Microbulbifer hydrolyticus IRE-31-192 from the authors’ laboratory was used in this study. The strain was maintained on 2216E agar slant culture medium kept away from light by periodic transfers following incubation at 37 °C for 12 h to 18 h (Yiheng Instrument Co. Ltd, Shanghai, China) and storing at 4 °C. The medium 2216E was purchased from Qingdao Nissui Biotechnology Co. Ltd. (Qingdao, China). It is a special culture medium for marine bacteria, containing (per liter): peptone (5 g), yeast extract (1 g), ferric citrate (0.1 g), sodium chloride (19.45 g), magnesium chloride (5.9 g), magnesium sulfate (3.24 g), calcium chloride (1.8 g), potassium chloride (0.55 g), sodium bicarbonate (0.16 g), potassium bromide (0.08 g), strontium chloride (0.034 g), boric acid (0.022 g), sodium silicate (0.004 g), sodium fluoride (0.0024 g), ammonium nitrate (0.0016 g), and disodium hydrogen phosphate (0.008 g). The composition of agar medium was (per liter): 37.4 g 2216E, and 20 g agar, which was also used as seed medium without agar. The composition of the common fermentation medium was (per liter): 37.4 g 2216E, glucose, and xylose. When the hydrolytic liquid of DDGS was used as fermentation medium, the other nutrient was avoided. All media were sterilized by autoclaving at 116 °C for 25 min.

Fermentation Process

A single colony of strain Microbulbifer hydrolyticus IRE-31-192 grown on agar slant culture medium was selected and cultured using seed culture liquid. It was then kept away from light for 12 h at 37 °C and 180 rpm. A 5% (v/v) seed culture liquid was added into a 250 mL flask with 50 mL fermentation medium, which was then incubated for 3 h in a rotary shaker (Taicang instrument Co. Ltd, Jiangsu, China) at 37 °C and 180 rpm.

The use of the strain M. hydrolyticus IRE-31-192 in co-fermentation of glucose and xylose was subsequently investigated.

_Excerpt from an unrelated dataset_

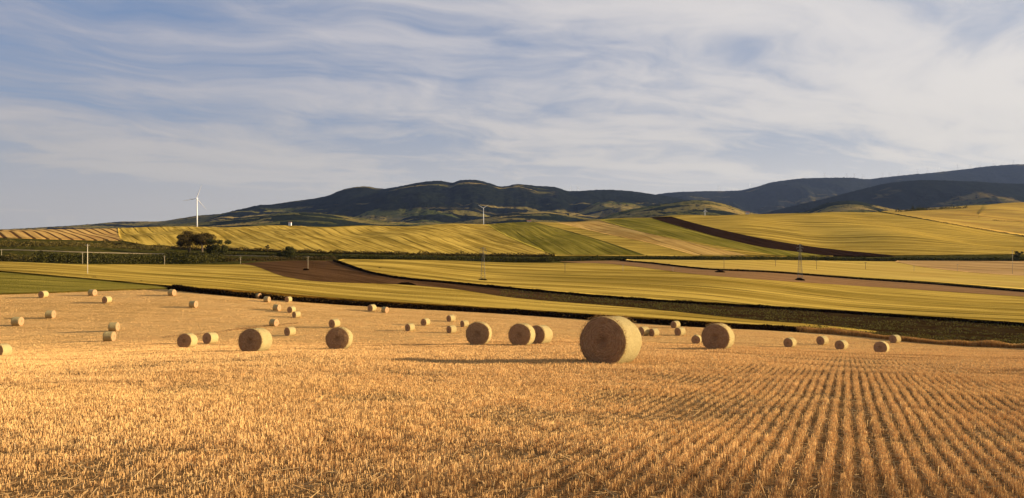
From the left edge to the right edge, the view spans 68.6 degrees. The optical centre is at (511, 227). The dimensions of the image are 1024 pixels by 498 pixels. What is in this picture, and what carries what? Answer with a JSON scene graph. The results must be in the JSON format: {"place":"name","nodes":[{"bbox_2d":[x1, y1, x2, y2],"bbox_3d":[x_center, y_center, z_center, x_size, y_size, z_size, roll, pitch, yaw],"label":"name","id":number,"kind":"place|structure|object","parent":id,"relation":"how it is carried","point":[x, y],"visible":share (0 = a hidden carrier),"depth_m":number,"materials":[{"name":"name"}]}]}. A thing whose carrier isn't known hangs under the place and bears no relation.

The total sugar content was 30 g/L and the ratio of glucose was gradually decreased with the addition of xylose. The proportions of glucose and xylose (glucose/xylose (w/w): 5:1, 2:1, and 1:1) were investigated with the aim of optimization and highest production of CMCase. As the optimum proportion of glucose/xylose was studied in the co-fermentation process, the capability of M. hydrolyticus IRE-31-192 to produce CMCase from processed and unprocessed hydrolysates of DDGS was finally investigated. The fermentation broth was sampled at different times from the shake flask and centrifuged at 4 °C and 9,000 × g for 15 min (Yancheng instrument Co. Ltd, Jiangsu, China). The supernatant was used to measure the CMCase activity.

Analysis Methods

The biomass was analyzed using UV spectrophotometry (Meipuda instrument Co. Ltd, Shanghai, China) at 600 nm with results ranging from 0.1 A to 0.8 A. CMCase activity was defined as the amount of cellulase enzyme that liberates 1.0 μmol of reducing sugar (glucose) per minute under the assay conditions of pH 7.0 at 50 °C (Singh et al. 2015). The CMCase activity in fermentation broth was thus expressed with enzyme activity per liter of fermentation broth (U/L).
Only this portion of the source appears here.